August.7,2002 元ちとせのカヴァー曲

        元ちとせが大人気だ。私も今年の始め頃、デビュー曲『ワダツミの木』をラジオで耳にして、すっかり気に入ってしまい、アルバムが出たら買おうと思っていた。その後、第2弾シングル『君ヲ想フ』を耳にしたときもやっぱり感動してしまって、こうなると早くアルバムが出ないかと心待ちにする日々が続くことになった。そして、ようやく先月1枚目のアルバム『ハイヌミカゼ』が発売になった。早速買い込んで、その日以来、もうこのアルバム以外のCDは聴かない日々が続くことになった。シングル・ヒットの2曲以外でも、収録曲10曲全てが気に入った。こういうことはなかなか無い。それだけ元ちとせに夢中になってしまったということなのだろう。
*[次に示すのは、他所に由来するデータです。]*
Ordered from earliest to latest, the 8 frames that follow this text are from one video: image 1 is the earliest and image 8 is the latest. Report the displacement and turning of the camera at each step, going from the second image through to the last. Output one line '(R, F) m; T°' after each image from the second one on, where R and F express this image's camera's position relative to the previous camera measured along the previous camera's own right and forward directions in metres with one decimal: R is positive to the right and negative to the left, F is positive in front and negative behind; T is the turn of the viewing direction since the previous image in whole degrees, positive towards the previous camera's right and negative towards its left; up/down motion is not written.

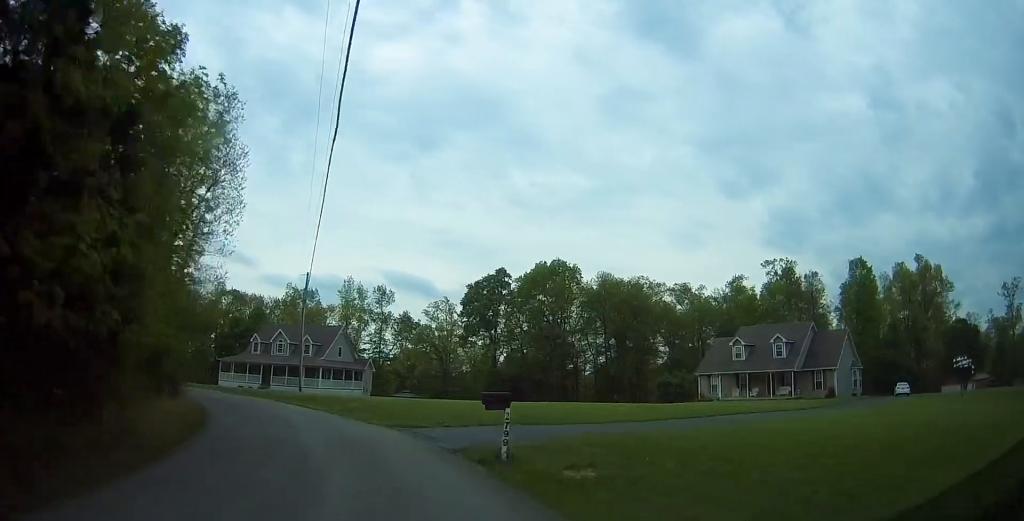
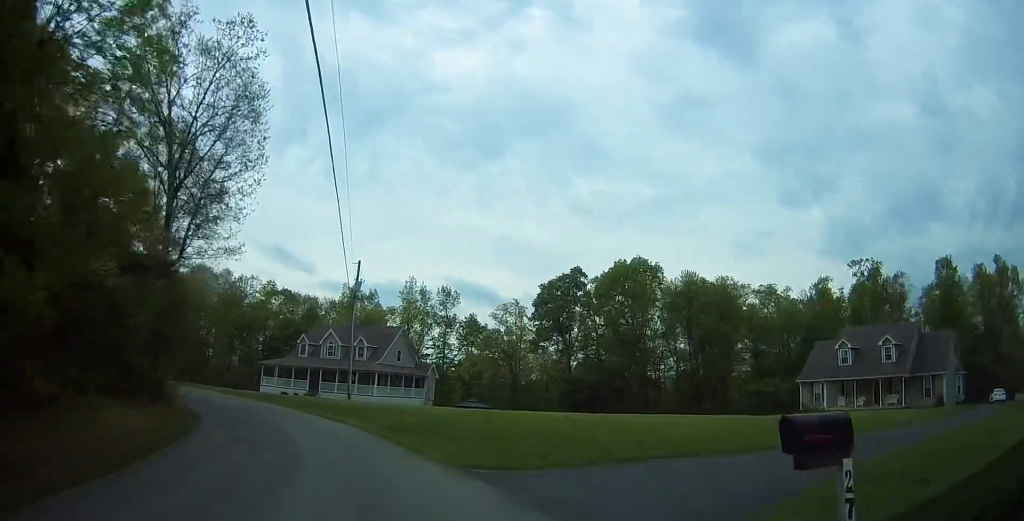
(-0.4, +8.2) m; -5°
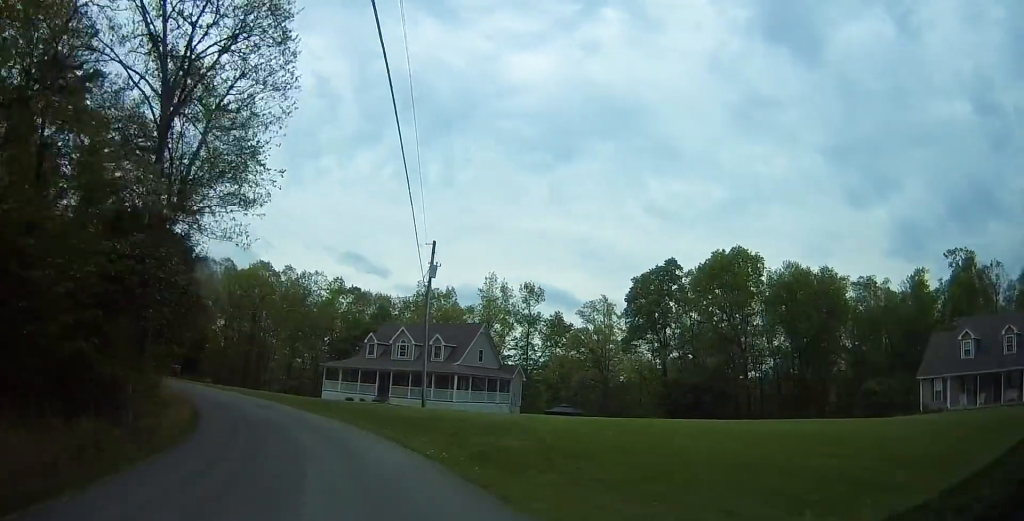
(-0.2, +7.8) m; -4°
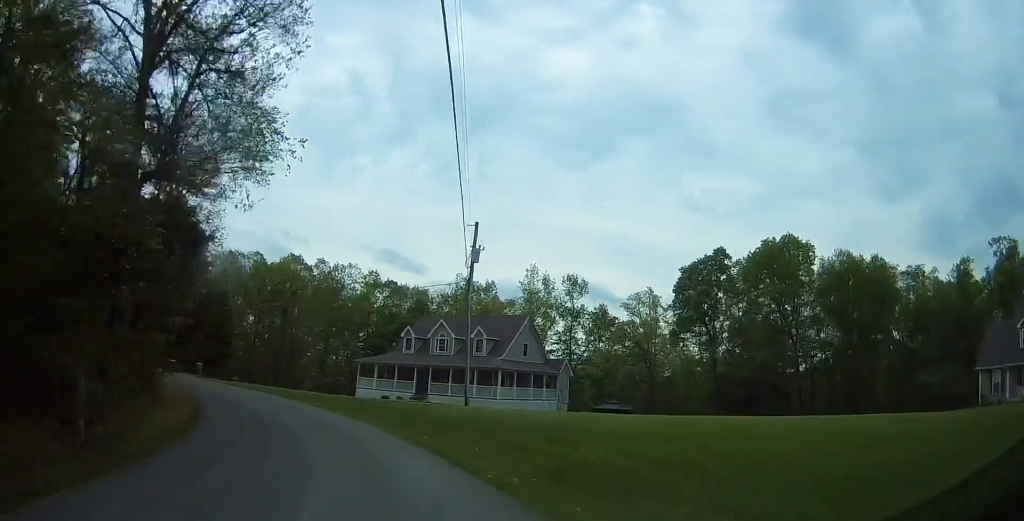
(-0.1, +3.8) m; -4°
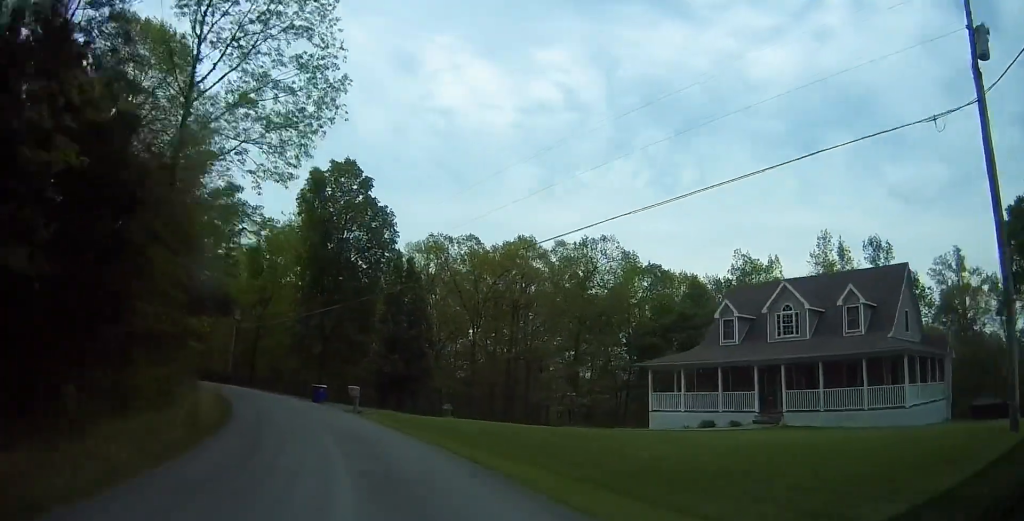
(-4.9, +25.0) m; -21°
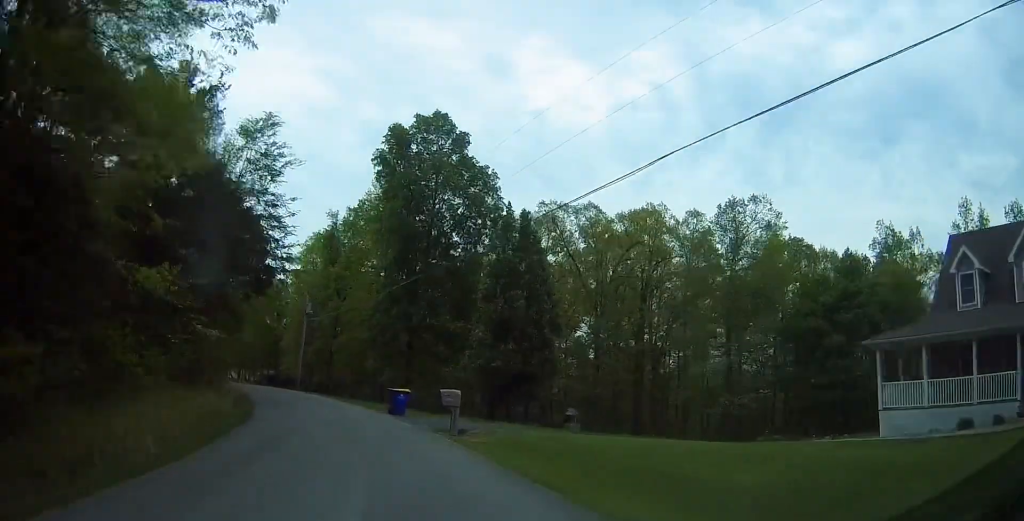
(-1.0, +12.9) m; -7°
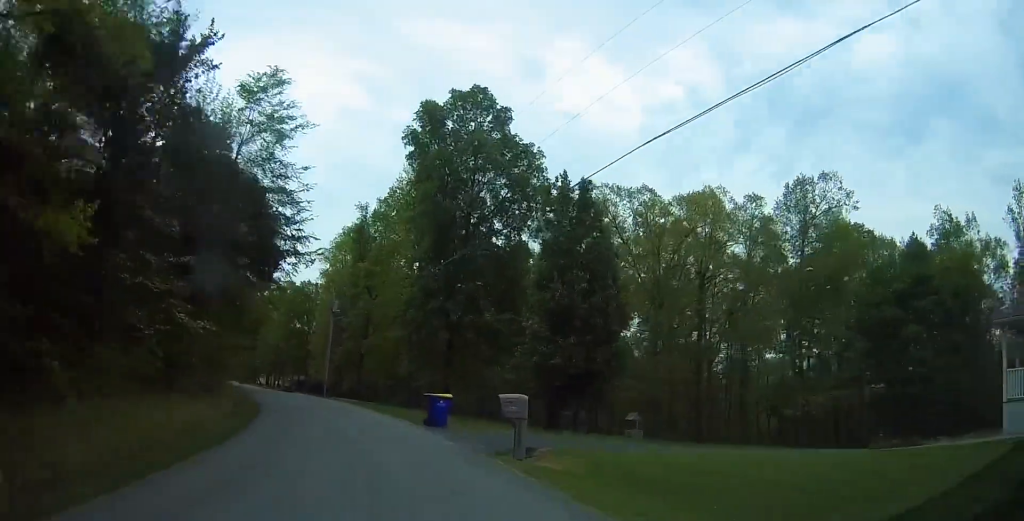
(0.0, +5.7) m; -3°
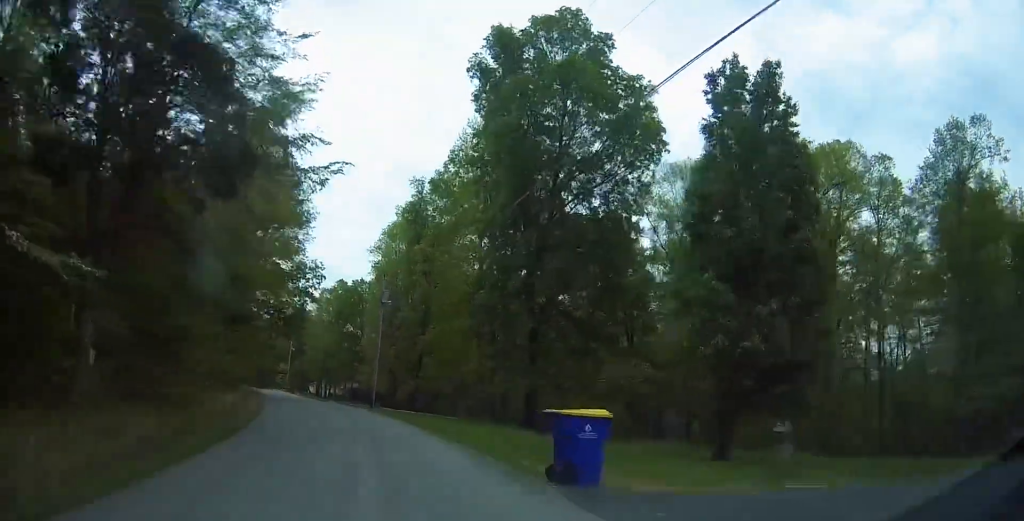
(-0.9, +11.8) m; -6°

        特に寝る前に布団に入って電気を消し、元ちとせを静かに流していると気持ちがいい。彼女のファルセットが、疲れた心と体を癒してくれるようなのだ。そのうちに、この10曲だけじゃなく、彼女の違う歌がもっと聴きたいという欲求が出てきた。CDショップに行ってみると、アララ、知らなかった。2枚のシングルは、タイトル曲以外に、それぞれ2曲ずつカップリング曲が入っていて、それらはアルバムには収録されていない曲だと知ったのだ。衝動的にこの2枚のシングルまで購入。急いで家へ帰って、聴き込んでしまった。
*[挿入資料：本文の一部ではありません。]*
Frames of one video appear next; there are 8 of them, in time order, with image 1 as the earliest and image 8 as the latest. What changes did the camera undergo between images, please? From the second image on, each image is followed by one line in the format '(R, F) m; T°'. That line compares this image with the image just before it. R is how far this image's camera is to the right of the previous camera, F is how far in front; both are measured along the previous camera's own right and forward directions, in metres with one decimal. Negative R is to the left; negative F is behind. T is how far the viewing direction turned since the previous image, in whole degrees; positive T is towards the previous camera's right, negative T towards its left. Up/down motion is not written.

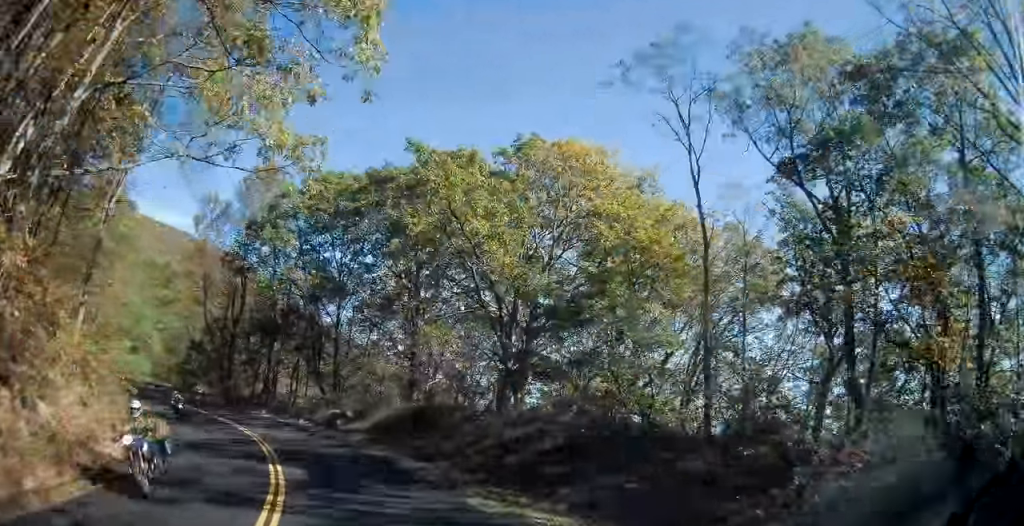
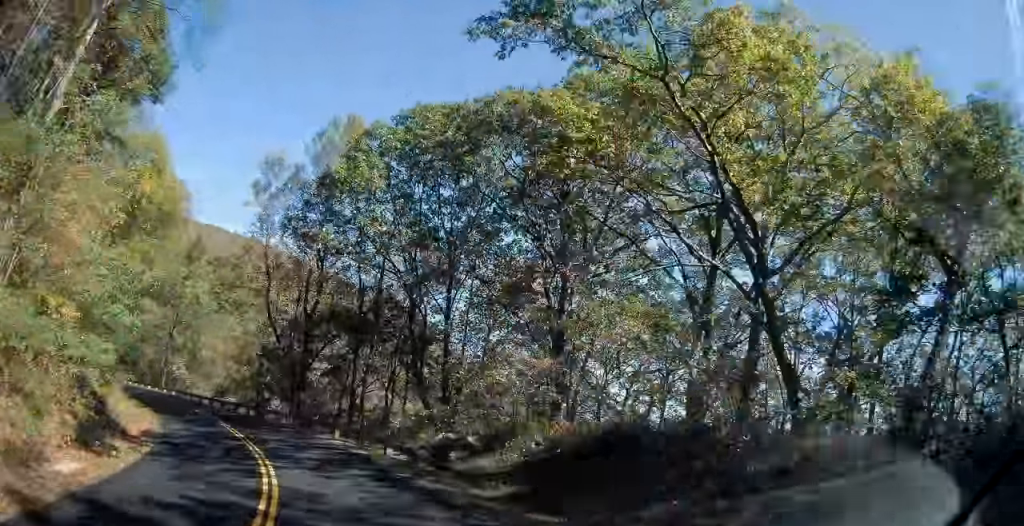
(-1.2, +13.4) m; -10°
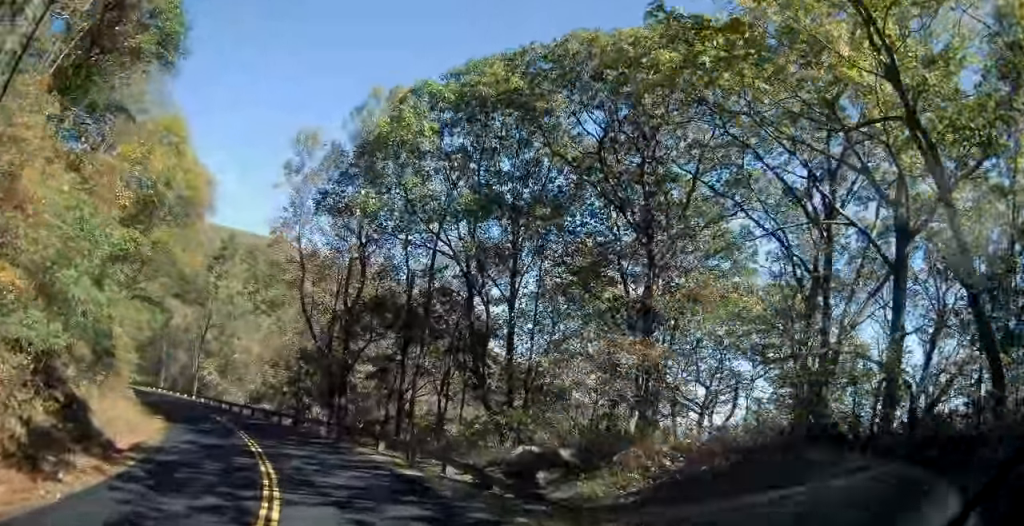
(+0.2, +5.2) m; -5°
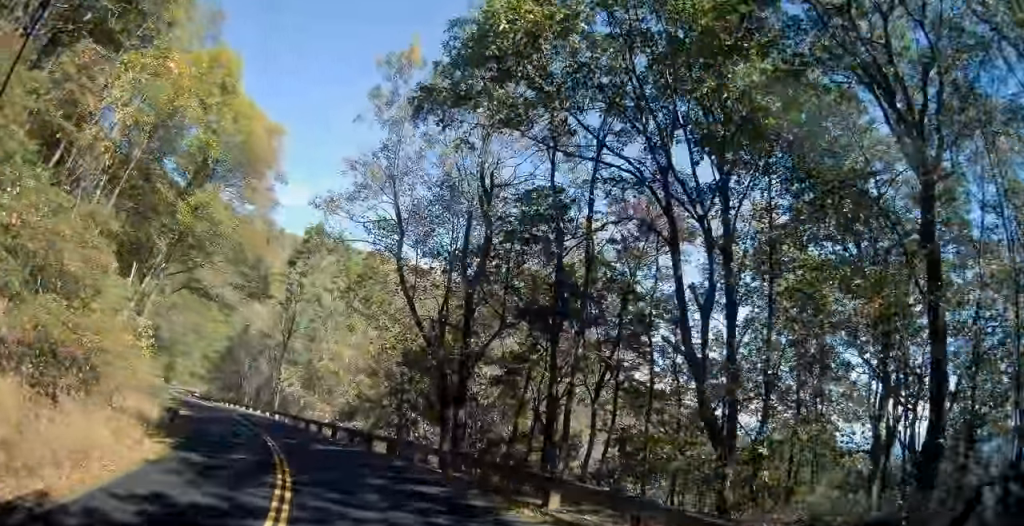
(-1.4, +11.1) m; -14°
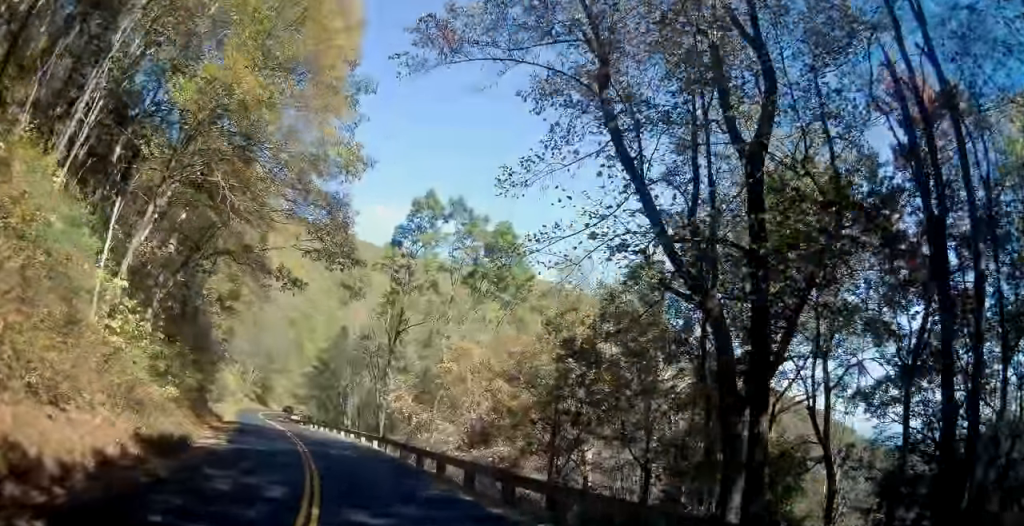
(-1.8, +14.0) m; -12°
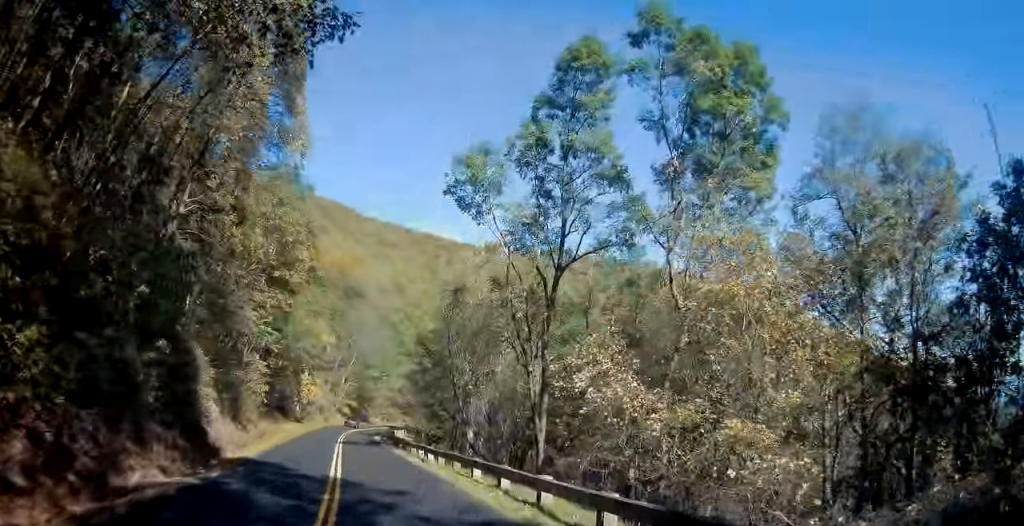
(-2.5, +21.1) m; -11°
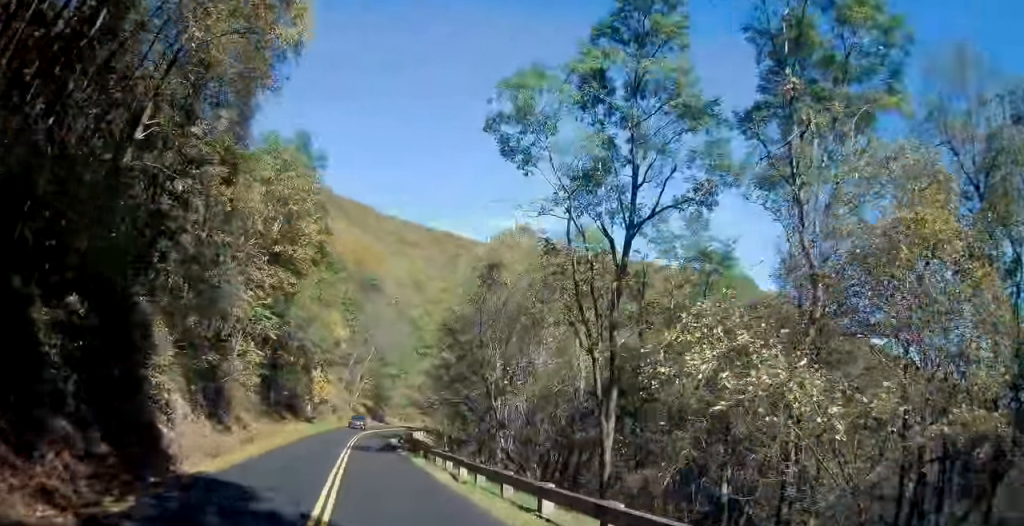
(0.0, +6.5) m; -1°
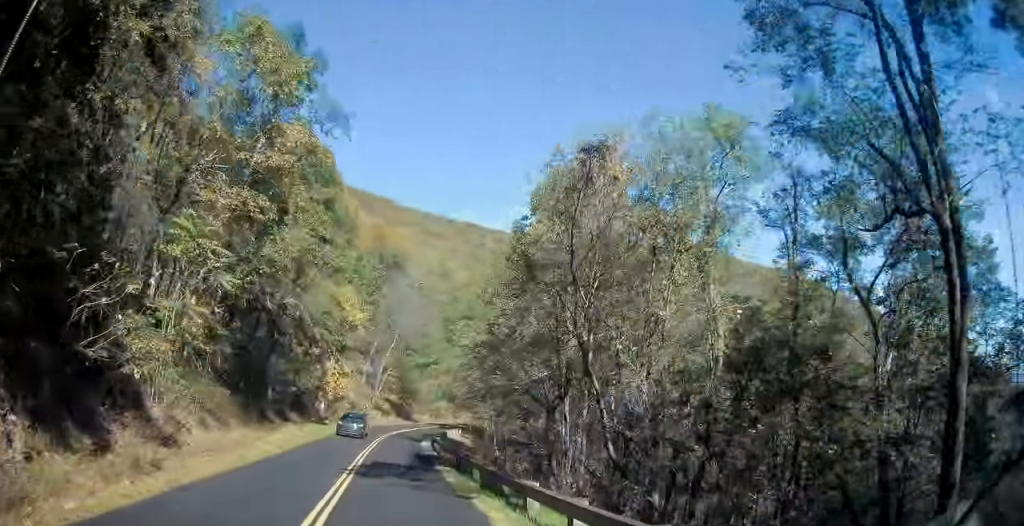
(-0.4, +14.2) m; -4°

        そこでびっくりしたのが『君を想フ』の方には、『BLUE』という曲が入っていて、聴いてみたら英語の曲だった。クレジットを見たら、ジョニ・ミッチェル。なっ、何だってえー! ジョニ・ミッチェルはあまり私の趣味ではないので1枚もCDを持っていない。こうなると止まらなくなってしまうのが私の悪い性格で、翌日今度はジョニ・ミッチェルの『BLUE』を求めて再びCDショップへ。『BLUE』は1971年のアルバム『BLUE』に収録されていた。ジョニ・ミッチェルはピアノ一台をバック、元ちとせはギター一本をバックにしている違いがある。きっとジョニ・ミッチェルのファンは、こういう歌い方をされると違和感を感じるかも知れないが、最初に元ちとせでこの曲を聴いてしまったあとの私には、元ちとせのヴァージョンの方がしっくり来る。
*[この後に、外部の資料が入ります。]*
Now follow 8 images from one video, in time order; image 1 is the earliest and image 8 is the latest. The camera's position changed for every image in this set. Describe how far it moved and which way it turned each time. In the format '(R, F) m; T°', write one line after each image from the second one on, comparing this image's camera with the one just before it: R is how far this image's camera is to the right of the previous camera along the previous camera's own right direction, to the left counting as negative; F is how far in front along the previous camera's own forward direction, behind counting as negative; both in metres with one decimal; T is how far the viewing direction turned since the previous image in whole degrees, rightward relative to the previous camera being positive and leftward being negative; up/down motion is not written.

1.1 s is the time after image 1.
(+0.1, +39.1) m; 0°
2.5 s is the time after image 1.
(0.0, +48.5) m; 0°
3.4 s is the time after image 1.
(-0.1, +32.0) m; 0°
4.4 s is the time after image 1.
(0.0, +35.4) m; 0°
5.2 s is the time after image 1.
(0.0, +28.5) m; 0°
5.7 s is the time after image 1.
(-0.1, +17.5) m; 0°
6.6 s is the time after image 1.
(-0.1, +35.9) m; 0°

        さて、これからが大変だった。なんと、なぜ気がつかなかったのかわからないが、元ちとせには、この3枚以外にもインディーズ時代に残したCDが2枚存在することを突然に気がついたのである。それも、ごく普通にCDショップの棚に置いてあった。『元ちとせ』 『コトノハ』の2枚である。「うわー」と大喜びして、迷わずに購入。封を開いて愕然とした。『元ちとせ』の方は6曲全てがカヴァー曲なのである。山崎将義の『名前のない鳥』、あがた森魚『冬のサナトリウム』はわかるとして、外国の曲が4曲。シュガーキューブスの『Birthday』、ルー・リードの『Sweet Jane』、おお、『つづれおり』に入っていたキャロル・キングの『Home Again』、そして、そして何とジミ・ヘンドリックスの『Little Wing』! 

        この中で原曲を持っていないのはシューガーキューブだけ。今、シュガーキューブを買いに行こうかどうか迷っている。あの苦しそうに歌っていたジミ・ヘンドリックスの『Little Wing』が、今、元ちとせによって流れている。とてもあの曲とは思えないような優しい歌声である。ああ、私の心が癒されていく。もういい、もういい。しばらくは元ちとせだけを聴いていよう。